例年より早めに行ったがどういう手続きか知らないが、前席は大半予約席。真ん中片で観能。始まる前にあまりの大観衆に、一緒に来た友人が「何人かしら?」「上田能楽堂が400人」「京都観世会館が500人強だから・・・・」と数え始めたら5000人はゆうに超える。「そんなに居るはず無いな」とカウントを諦めた。今朝の新聞では1万人。
演目も、戦後演能回数1位の「羽衣」と、義経を討ちに来た正尊の言い訳(起請文と称して熊野詣での途中です。決して貴方を討ちに来たのでは無い、小学生のような嘘)を読み上げる。その後は、派手な殺陣、その中で2度の仏倒れ(真後ろに倒れる)と、見応え有り。能舞台ファンが300人は増えるのでは無かろうか。狂言は「濯ぎ川」。選曲も良かった。
正尊は頼朝と義経の関係を示す、一つの事件。
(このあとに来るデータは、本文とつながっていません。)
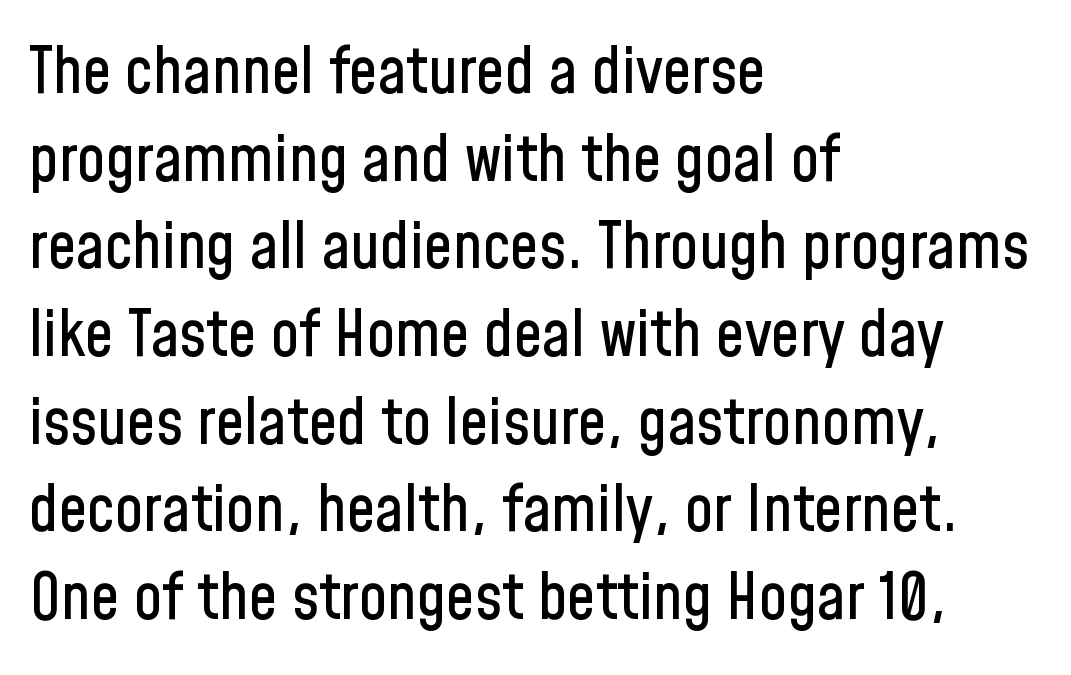
Just letters on the line, the space beneath them empty. Line starts are locked; line ends wander. The rendering keeps characters at their native spacing. Designer's note — italics off, roman on. Unlike a traditional serif, this face leaves its strokes unadorned. Quick note: interline space is typical.
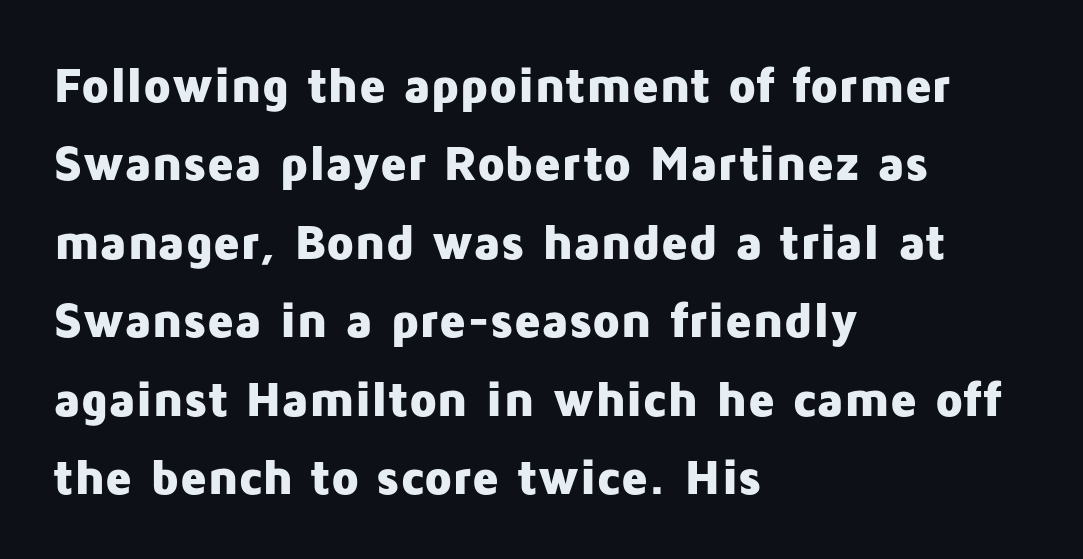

権力者になった頼朝は弟でも一人の家来に過ぎない。義経は勝手に官位を受けたり、戦いの戦術を決めたりできない。
弟の気持ちが義経を不幸にしたのだろうか。
平家物語を題材にした能の演目は多い。それらから伺えることは「正尊」でも証明される。
頼朝は信頼の絆に「血」は根拠とならない。後の武将も大半そうだ。しかし、皮肉なことに、反逆の「血」は信じているようだ。つまり、敵の武将の一族は根絶やしなるまで殺戮する。
しかしこの不信の血縁は、結局自分に返ってくる。源氏の世の中も儚かった。